On an Oracle-backed OpenACS system with 329 site nodes this is the price:


SQL> -- gee, no bind vars
select site_node.url(node_id)
          from site_nodes where object_id= 93013;

Statistics
----------------------------------------------------------
          5  recursive calls
          0  db block gets
         12  consistent gets


site_node.url is a recursive function that gets more expensive the more nodes you add.

In short /o (or LC_$ISOCODE/o) would supersede most calls of site_node.url thus saving overall load on the system and will not compromise security.

Collapse
Posted by Jun Yamog on
Hi,

Forgive me if my post it not too well informed.  Dave pointed out the url service contract for search.  I have used this a couple of times.  Can't the new sc for this url use it or make things something more common?
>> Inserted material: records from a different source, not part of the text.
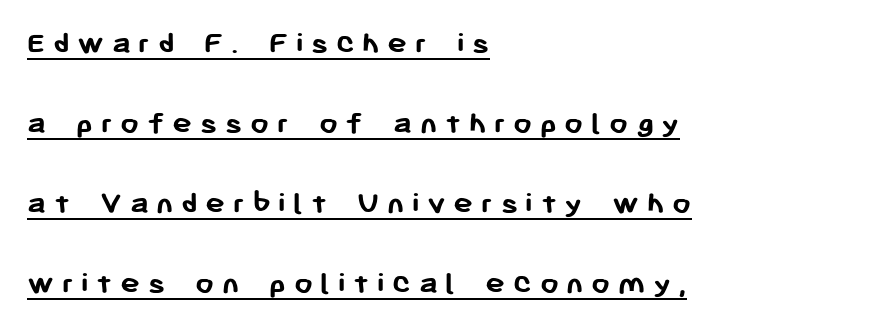
Honestly, the letter spacing is so wide it's the main thing you notice. The face used here is proportionally spaced, like ordinary book or web type. The typesetter has applied underlining to the passage shown. The font is running at its bold setting.
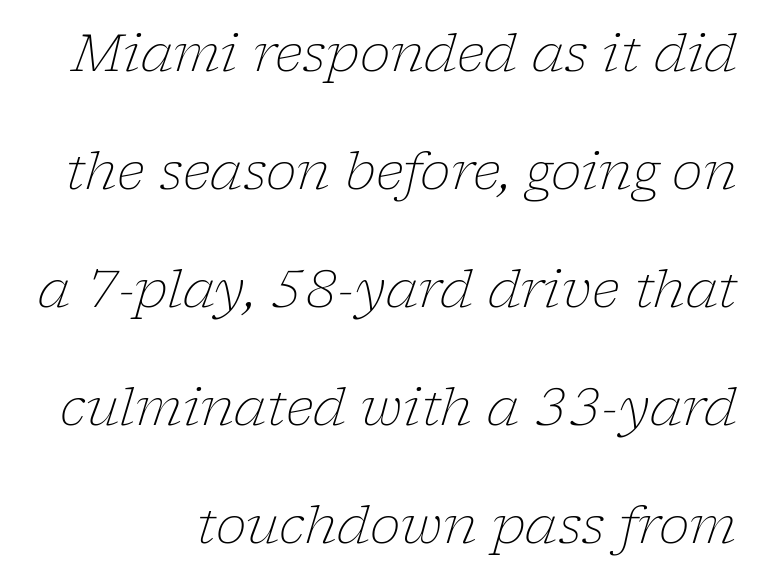
The letters carry serifs — small finishing strokes at the ends of their stems. The lettering tilts uniformly, giving the passage an italic look. The line-height multiplier appears high, well above default. Nobody drew a line under any word here. Note the varied advance widths — an 'i' is clearly narrower than an 'm'.
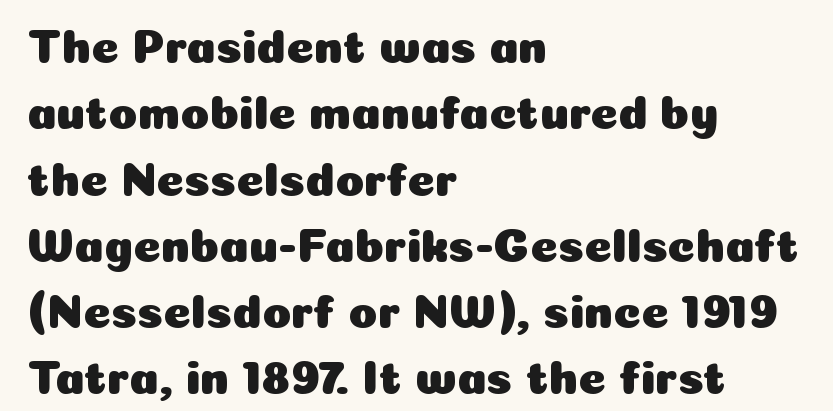
The image shows 47 px sans-serif type, upright; set left-aligned, normal line spacing (1.41x), normal letter spacing, not underlined; low stroke contrast and a medium x-height.
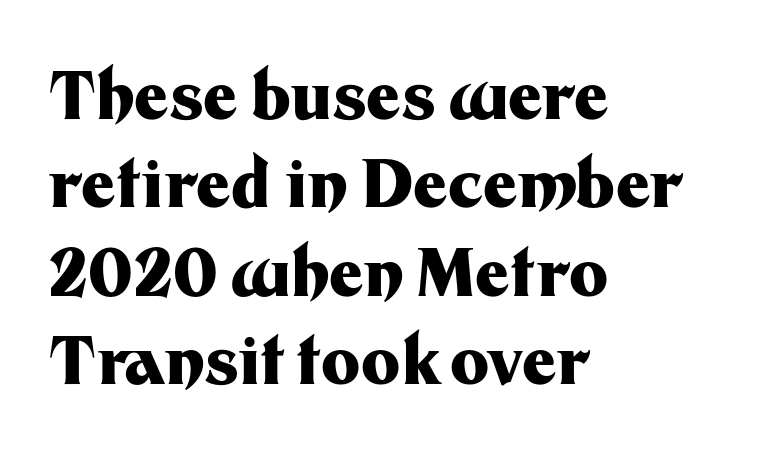
The image shows 66 px heavy sans-serif type, upright; set left-aligned, normal line spacing (1.34x), normal letter spacing, not underlined; medium stroke contrast and a medium x-height.
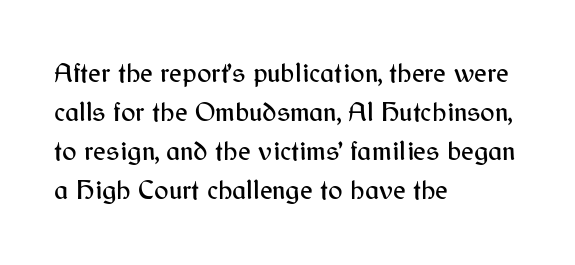
Evenly set lines give the paragraph a standard silhouette. What stands out about the letter spacing? Nothing — it is the standard amount. Glance below the letters and you will spot only blank space. The compositor pushed each line to the left boundary. The axis of the letterforms is exactly vertical.
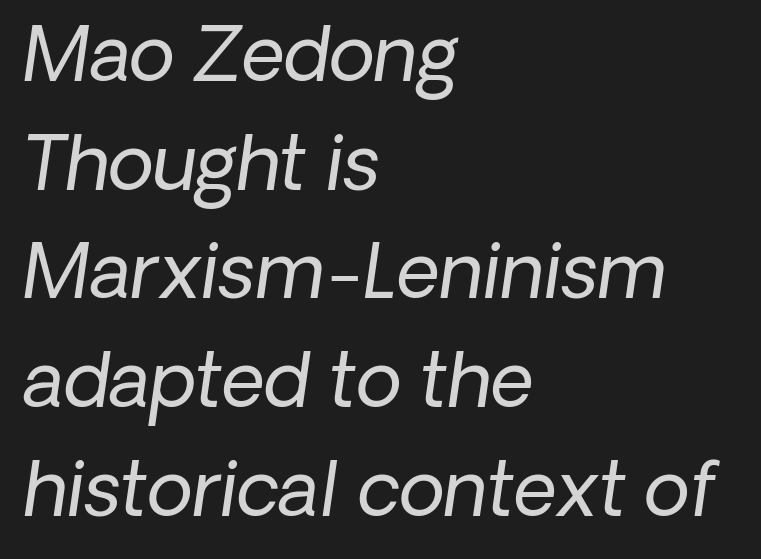
The image shows 75 px regular-weight type, italic (leaning right); set left-aligned, normal line spacing (1.45x), normal letter spacing, not underlined; low stroke contrast and a medium x-height.
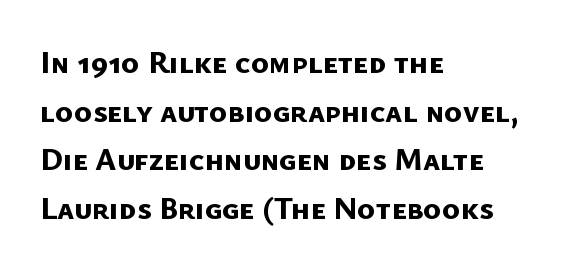
The image shows 31 px bold sans-serif type; set left-aligned, normal line spacing (1.57x), normal letter spacing, not underlined; low stroke contrast and a medium x-height.
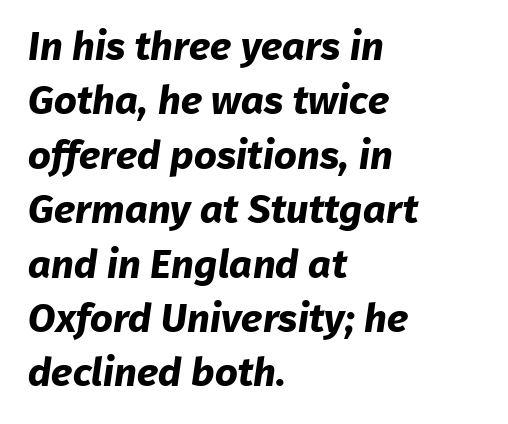
Q: Is the text bold? A: Yes.
Q: Is the typeface a serif or a sans-serif typeface? A: Sans-serif.
Q: Is the text underlined? A: No.
Q: How is the paragraph aligned? A: Left-aligned.
Q: Is the spacing between letters normal or unusually wide? A: Normal.
Q: Is the spacing between lines tight, normal or loose? A: Normal.
Q: Width (condensed, normal, or wide)? A: Normal.
Q: Stroke contrast? A: Low.
Q: x-height? A: Medium.
Q: Monospaced? A: No.
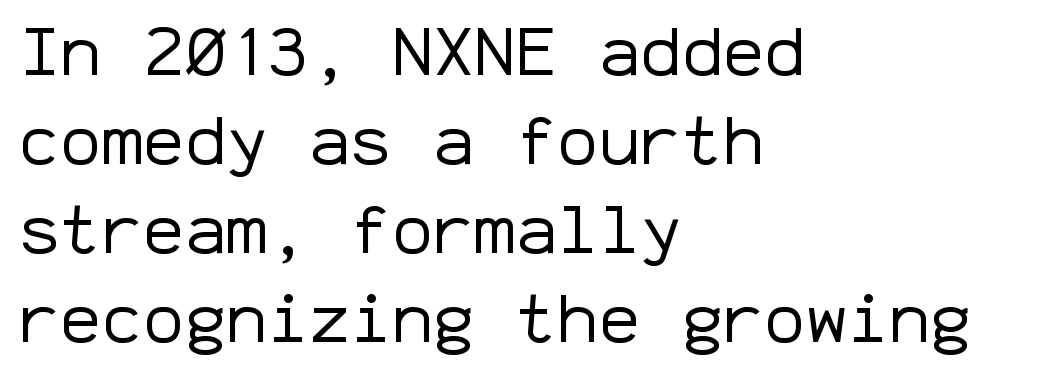
Q: Is the text bold? A: No.
Q: Is the text italic (slanted)? A: No, it is upright.
Q: Is the typeface a serif or a sans-serif typeface? A: Sans-serif.
Q: Is the text underlined? A: No.
Q: How is the paragraph aligned? A: Left-aligned.
Q: Is the spacing between letters normal or unusually wide? A: Normal.
Q: Is the spacing between lines tight, normal or loose? A: Normal.
Q: Width (condensed, normal, or wide)? A: Normal.
Q: Stroke contrast? A: Low.
Q: x-height? A: Medium.
Q: Monospaced? A: Yes.
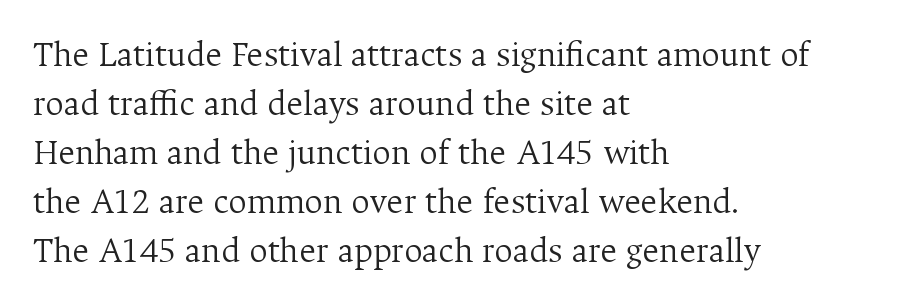
Q: Is the text bold? A: No.
Q: Is the text italic (slanted)? A: No, it is upright.
Q: Is the typeface a serif or a sans-serif typeface? A: Serif.
Q: Is the text underlined? A: No.
Q: How is the paragraph aligned? A: Left-aligned.
Q: Is the spacing between letters normal or unusually wide? A: Normal.
Q: Is the spacing between lines tight, normal or loose? A: Normal.
Q: Width (condensed, normal, or wide)? A: Normal.
Q: Stroke contrast? A: Medium.
Q: x-height? A: Medium.
Q: Monospaced? A: No.
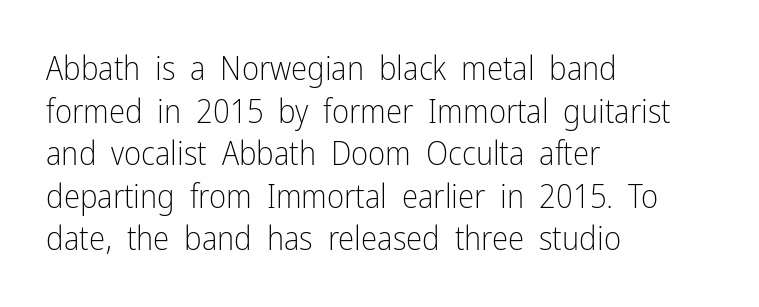
Spacing between characters is what you'd get straight out of the box. Serif or sans? Sans — the stroke terminals are bare. Is there any slant? The stems are plumb. Horizontally, the lines are justified to the leading edge only.
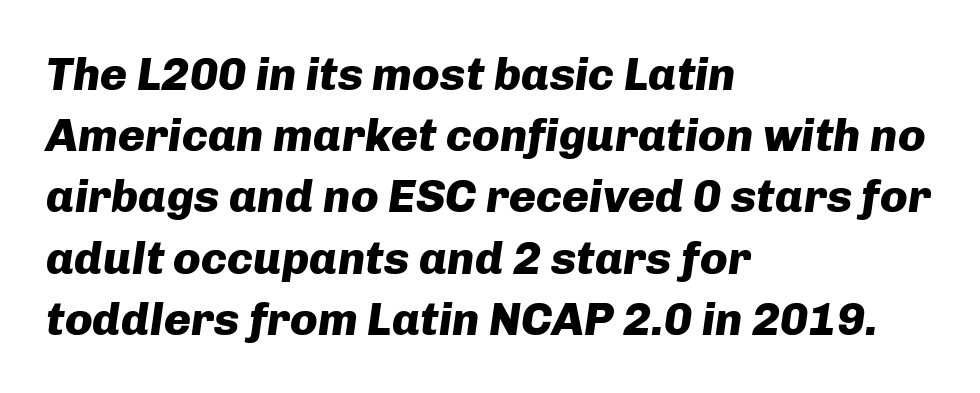
{"italic": "yes", "lean": "right", "slant_degrees": 8, "bold": "yes", "weight": "heavy", "width": "normal", "stroke_contrast": "low", "x_height": "medium", "monospaced": "no", "underline": "no", "align": "left", "line_spacing": "normal", "line_spacing_ratio": 1.33, "letter_spacing": "normal", "letter_spacing_em": 0.0, "glyph_px": 46}
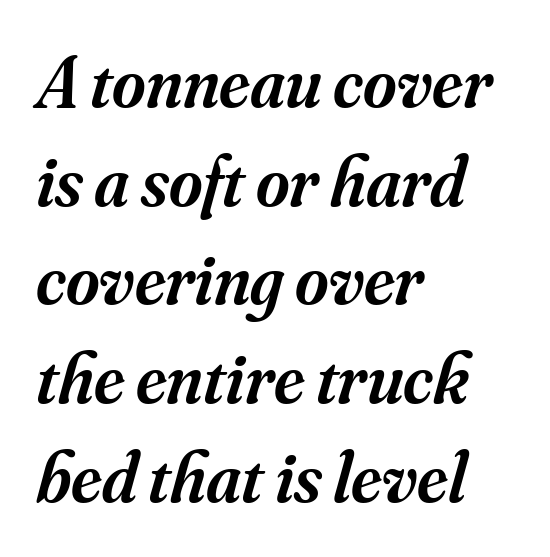
Q: Is the text bold? A: Semi-bold.
Q: Is the text italic (slanted)? A: Yes, it leans right by about 16 degrees.
Q: Is the typeface a serif or a sans-serif typeface? A: Serif.
Q: Is the text underlined? A: No.
Q: How is the paragraph aligned? A: Left-aligned.
Q: Is the spacing between letters normal or unusually wide? A: Normal.
Q: Is the spacing between lines tight, normal or loose? A: Normal.
Q: Width (condensed, normal, or wide)? A: Normal.
Q: Stroke contrast? A: Medium.
Q: x-height? A: Small.
Q: Monospaced? A: No.
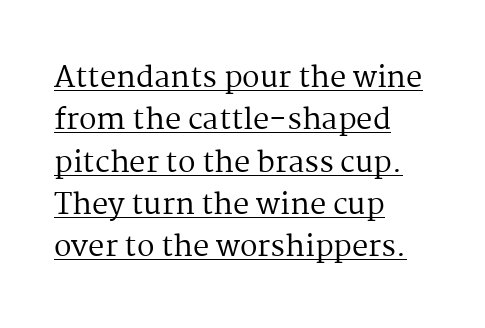
The image shows 29 px regular-weight serif type, upright; set left-aligned, normal line spacing (1.46x), normal letter spacing, underlined; medium stroke contrast and a medium x-height.
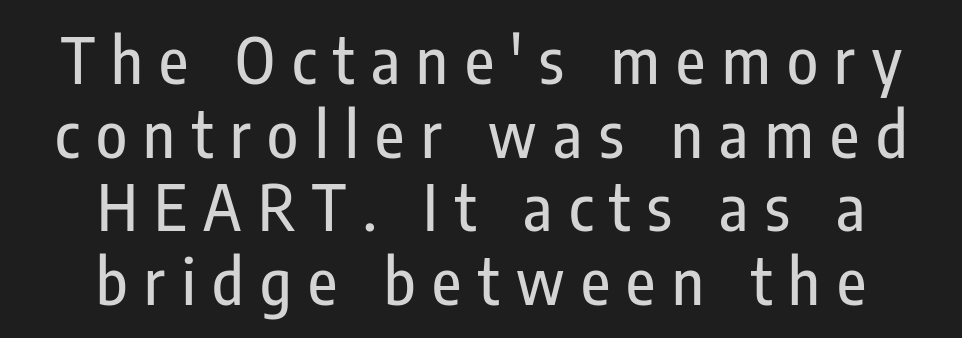
{"serif": "no", "italic": "no", "width": "condensed", "stroke_contrast": "low", "x_height": "medium", "monospaced": "no", "underline": "no", "align": "center", "line_spacing": "tight", "line_spacing_ratio": 1.15, "letter_spacing": "wide", "letter_spacing_em": 0.26, "glyph_px": 64}
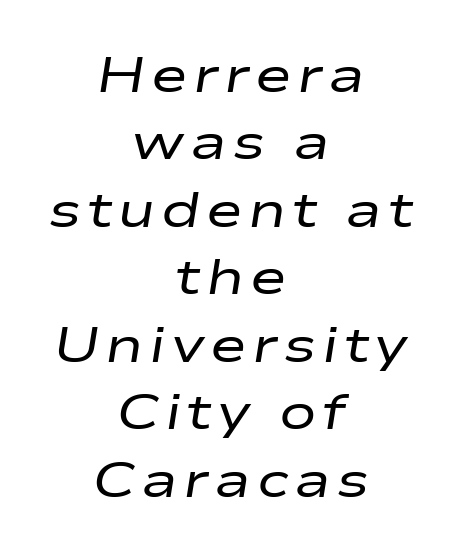
The strokes carry an ordinary text weight at most. Would a proofreader flag this as italicized? Yes. The rendering uses natural spacing where letterforms have individual widths. Is there much room between lines? A standard amount, neither cramped nor airy. This rendering uses center alignment, leaving both contours irregular but symmetric. Each row of text sits above clean, open space.
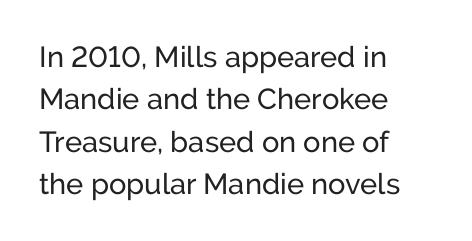
{"serif": "no", "italic": "no", "bold": "no", "weight": "regular", "width": "normal", "stroke_contrast": "low", "x_height": "medium", "monospaced": "no", "underline": "no", "align": "left", "line_spacing": "normal", "line_spacing_ratio": 1.46, "letter_spacing": "normal", "letter_spacing_em": 0.0, "glyph_px": 29}
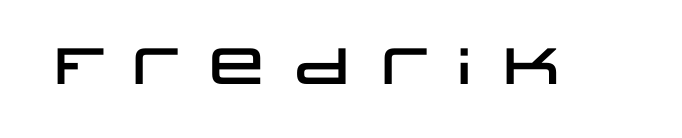
The baseline area is clear. Think of a printed novel: that variable character pitch is what you see here. Font category for this specimen: sans-serif. You can tell it's not italic because the verticals are truly vertical.
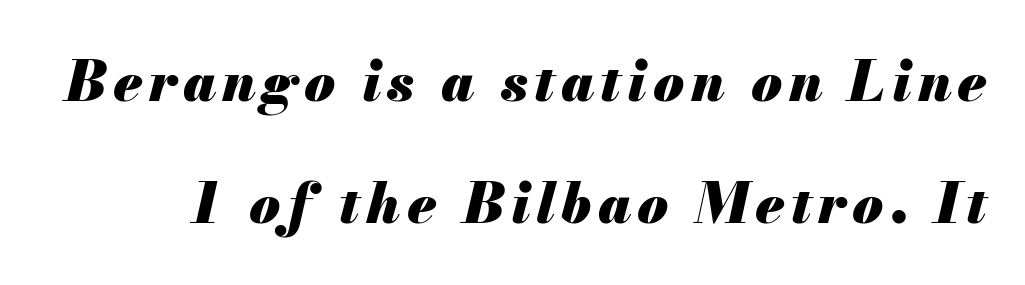
The image shows 56 px heavy type, italic (leaning right); set loose line spacing (2.18x), not underlined; medium stroke contrast and a small x-height.
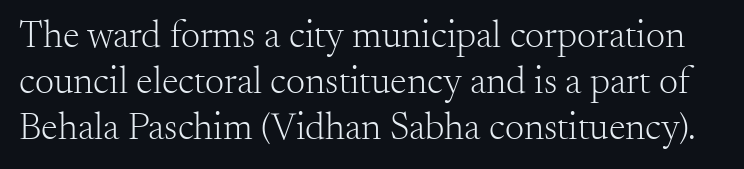
{"serif": "yes", "italic": "no", "bold": "no", "weight": "light", "width": "normal", "stroke_contrast": "medium", "x_height": "small", "monospaced": "no", "underline": "no", "line_spacing_ratio": 1.21, "letter_spacing": "normal", "letter_spacing_em": 0.0, "glyph_px": 38}
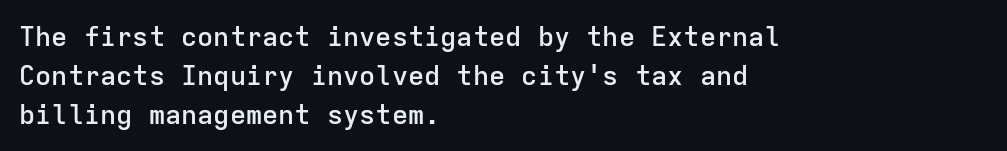
Q: Is the text bold? A: Semi-bold.
Q: Is the text italic (slanted)? A: No, it is upright.
Q: Is the text underlined? A: No.
Q: How is the paragraph aligned? A: Left-aligned.
Q: Is the spacing between letters normal or unusually wide? A: Normal.
Q: Is the spacing between lines tight, normal or loose? A: Normal.
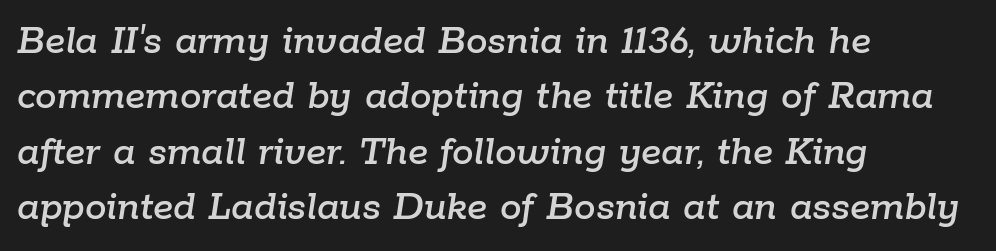
The image shows 43 px text type, italic (leaning right); set left-aligned, normal line spacing (1.29x), normal letter spacing, not underlined; low stroke contrast and a medium x-height.
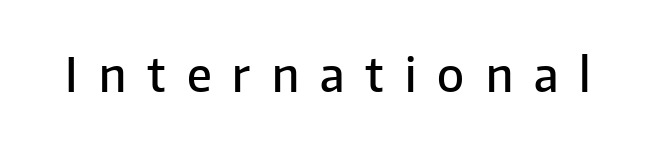
{"serif": "no", "italic": "no", "bold": "semi", "weight": "semibold", "width": "normal", "stroke_contrast": "low", "x_height": "medium", "monospaced": "no", "underline": "no", "letter_spacing": "wide", "letter_spacing_em": 0.45, "glyph_px": 47}
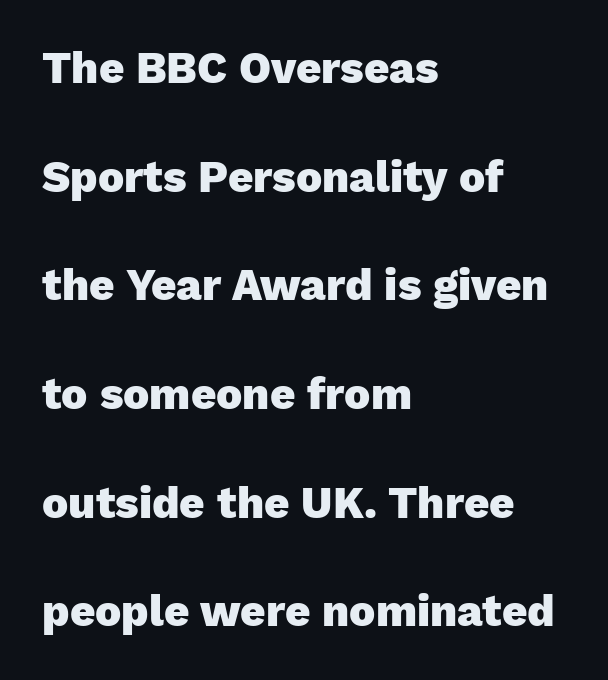
Here the designer chose a conventional face with non-uniform glyph widths. On the weight axis this lands at bold, roughly 700. No italicization has been applied; the sample stays upright. No feet cap the strokes, marking this as sans-serif type.
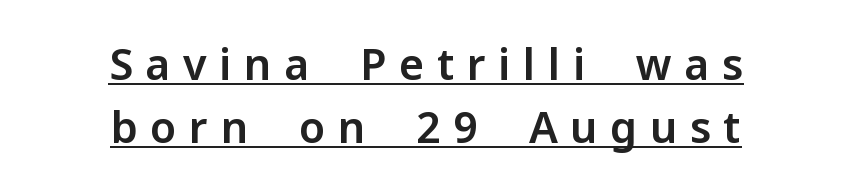
{"serif": "no", "italic": "no", "width": "normal", "stroke_contrast": "low", "x_height": "medium", "monospaced": "no", "underline": "yes", "align": "center", "line_spacing": "normal", "line_spacing_ratio": 1.46, "letter_spacing": "wide", "letter_spacing_em": 0.29, "glyph_px": 43}

I think there is a common functionality on what Timo would like to do and search's url sc.

Collapse
Posted by Tom Jackson on

I thought one of the principals of a dynamic website was to never display links that a user cannot follow. Another related principal would be to give a little more information on what the link might show, like the number of new posts in a link to a forum.

For a portlet, only links the user has privileges to view should be displayed, otherwise the user presented with 50 links, with a number of bad ones, might hesitate to click, fearing rejection. In other words, the links are pre-qualified.

The service contract idea for providing a url to linkable objects sounds great. I really do like it. Besides a tcl function, a wrapper in the form of a url is very handy.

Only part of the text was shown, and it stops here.